Too bad she didn’t figure that out after child #1.
I believe you can never truly prepare yourself to be a parent.
I agree 100% and I also believe you can never truly be 100% prepared for anything. Not parenting, not marriage, nothing. However, what you can do is 1) assess why you are doing what you're doing, 2) understand the goal in doing what you're doing, and 3) know yourself as much as possible before making a decision.
Marriage and/or children do not change you, it simply brings out who you are at the core, and most people are not introspective enough and honest enough to see who they really are and accept it. Especially if it goes against social and cultural norms and expectations.

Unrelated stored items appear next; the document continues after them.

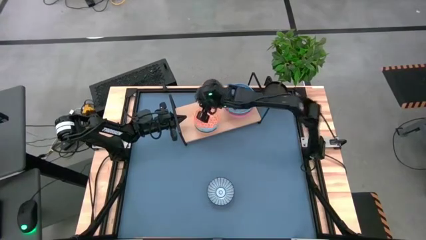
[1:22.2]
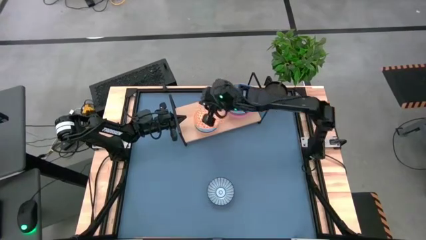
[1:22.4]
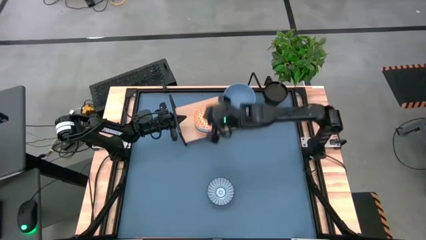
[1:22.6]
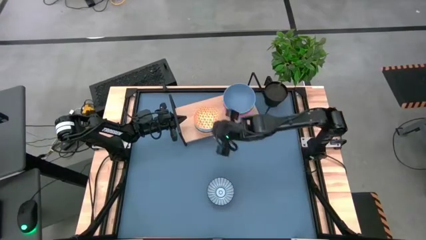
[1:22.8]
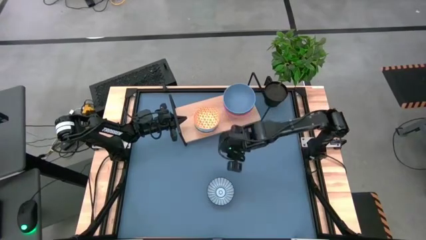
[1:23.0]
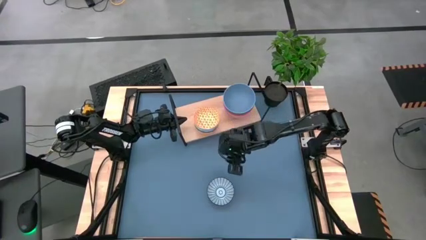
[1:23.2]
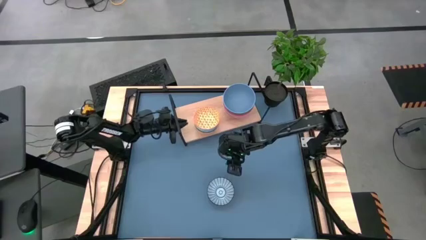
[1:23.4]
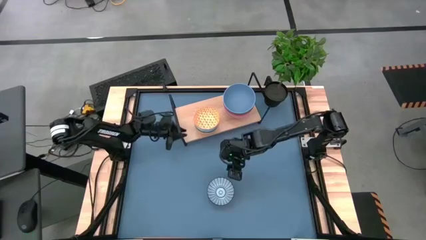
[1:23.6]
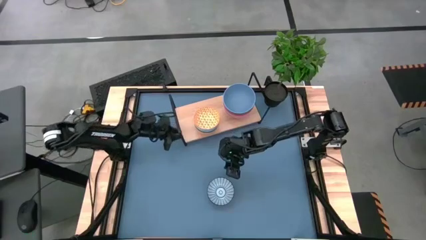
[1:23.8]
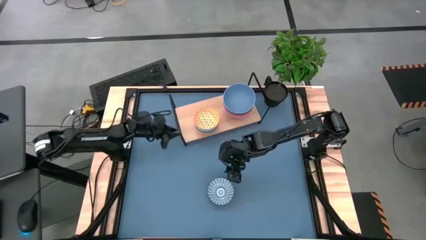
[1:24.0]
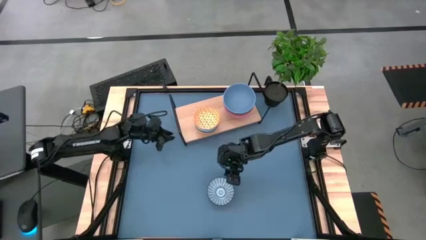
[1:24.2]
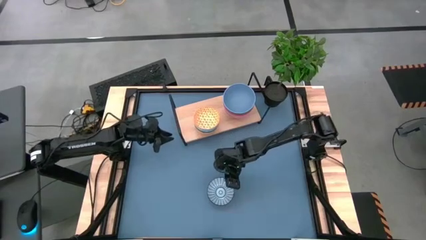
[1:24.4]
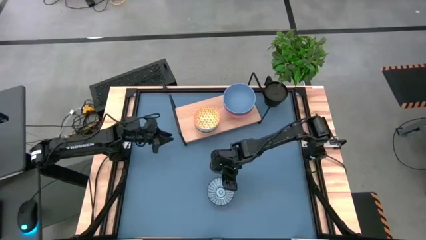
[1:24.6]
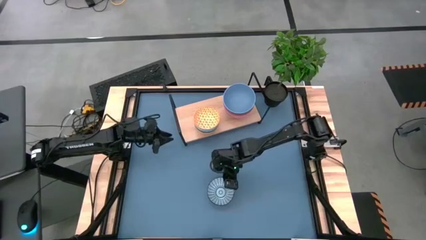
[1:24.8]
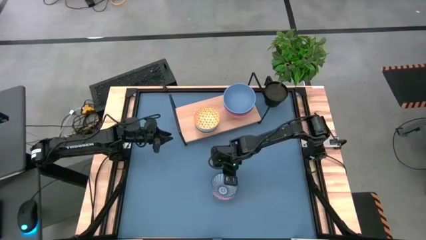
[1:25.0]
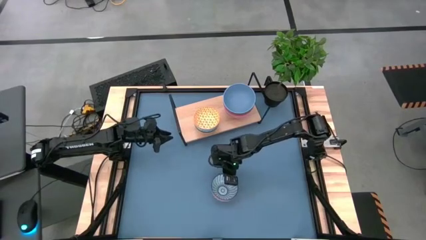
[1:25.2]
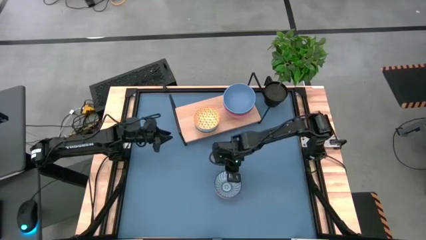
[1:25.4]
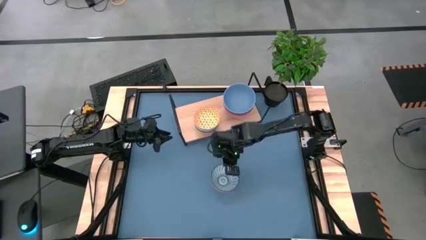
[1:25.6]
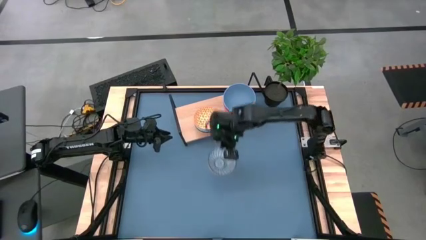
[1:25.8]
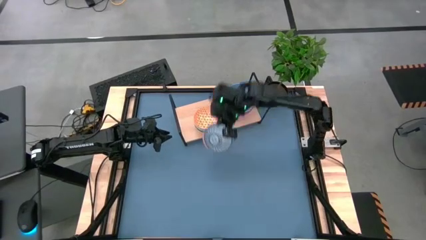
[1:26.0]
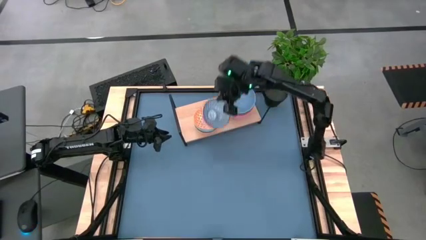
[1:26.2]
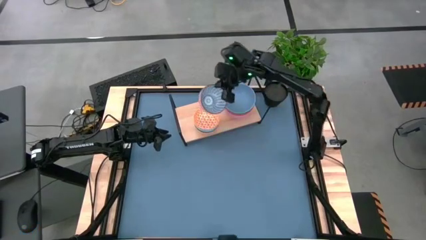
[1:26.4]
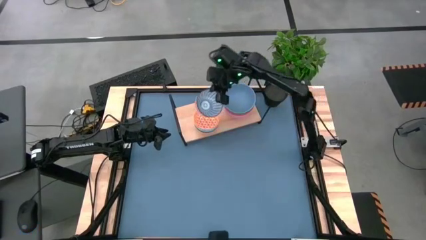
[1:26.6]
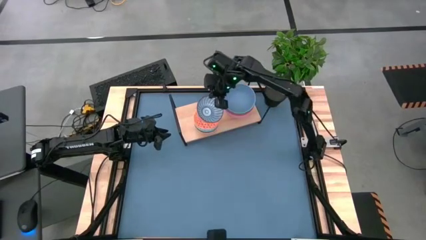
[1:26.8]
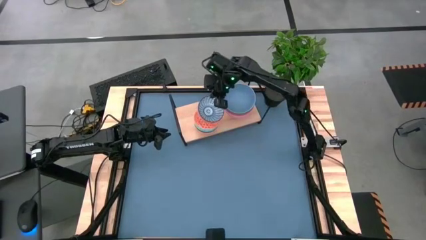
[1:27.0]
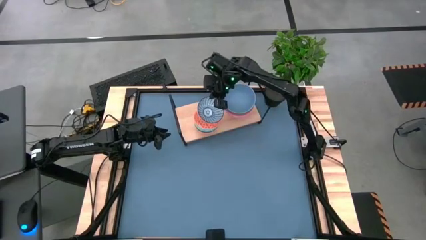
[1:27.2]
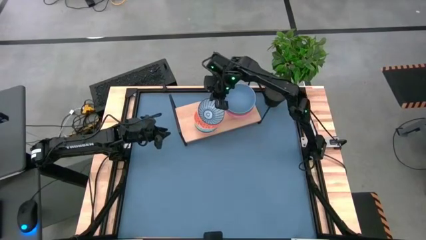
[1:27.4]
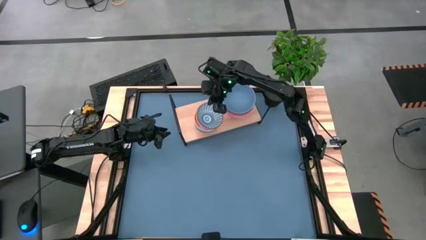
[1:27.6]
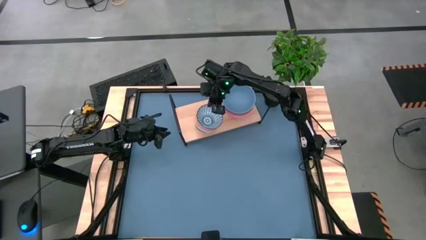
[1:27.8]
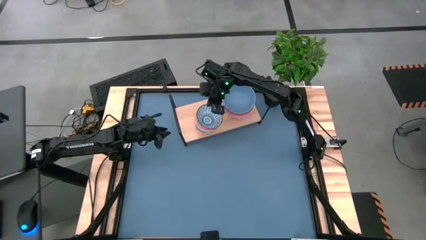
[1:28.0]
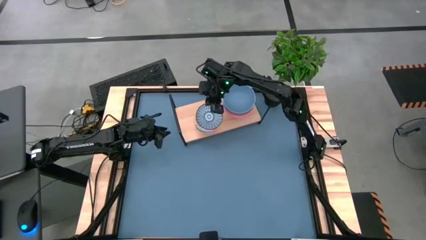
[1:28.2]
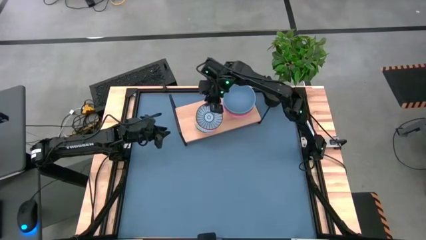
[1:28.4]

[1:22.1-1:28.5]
Stack the dark blue bowl on top of the orange bowl on the shelf

Most people don’t want children.I've known parents who regret having children. They're allowed to have those feelings. It can be difficult to accept and admit to something that so many people felt pressured into and have been regarded as cultural "tradition" for millennia. For some, it comes significantly later in life after children are in the picture. They really start to wrestle with the hard truth and reality, or maybe they agreed to have children (or more) for a spouse. I've seen this a lot, too.
Now, those I know who regret having children still strive to be great parents. They have accepted this life and worked through their feelings (counseling), whereas others, they take their resentment out on their children, and it's tragic and heartbreaking. We especially like to assume women are inherently warm, nurturing, loving, affectionate, and possess those maternal instincts. This is not every mother, and it shouldn't be taboo to say every woman should not be a mother.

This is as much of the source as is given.